We are also subject to provisions of the Maryland General Corporation Law that prohibit business combinations with persons owning 10% or more of the voting shares of a corporation’s outstanding stock, unless the combination is approved by the board of directors prior to the person owning 10% or more of the stock, for a period of five years, after which the business combination would be subject to special stockholder approval requirements. This provision could deprive our stockholders of an opportunity to receive a premium for their common stock as part of a sale of our company, or may otherwise discourage a potential acquirer from attempting to obtain control from us, which in turn could have a material adverse effect on the market price of our common stock. See “Description of Capital Stock”.

43




We have not paid cash dividends on our common stock and do not anticipate paying any dividends on our common stock in the foreseeable future.

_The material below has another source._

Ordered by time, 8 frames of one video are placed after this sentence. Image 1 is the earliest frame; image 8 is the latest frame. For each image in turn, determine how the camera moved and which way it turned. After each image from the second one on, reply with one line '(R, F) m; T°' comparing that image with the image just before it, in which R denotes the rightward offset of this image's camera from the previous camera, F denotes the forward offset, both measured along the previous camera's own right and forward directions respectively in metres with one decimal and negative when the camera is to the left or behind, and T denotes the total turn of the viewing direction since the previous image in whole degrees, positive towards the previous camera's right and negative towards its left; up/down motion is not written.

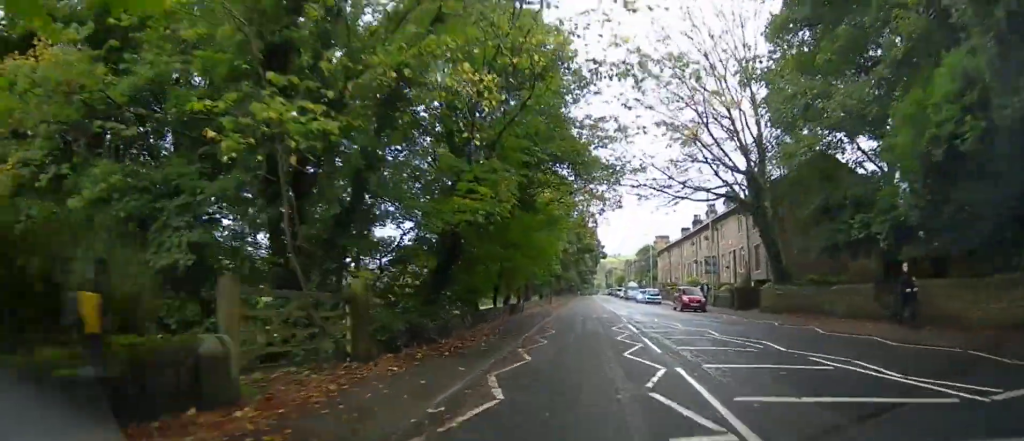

Under the terms of our convertible preferred stock, we may not pay dividends on our common stock unless all accrued dividends on our convertible preferred stock have been paid. We anticipate that we will retain all future earnings and other cash resources for the future operation and development of our business. Accordingly, we do not intend to declare or pay any cash dividends on our common stock in the foreseeable future. Payment of any future dividends will be at the discretion of our board of directors after taking into account many factors, including our operating results, financial conditions, current and anticipated cash needs and plans for expansion.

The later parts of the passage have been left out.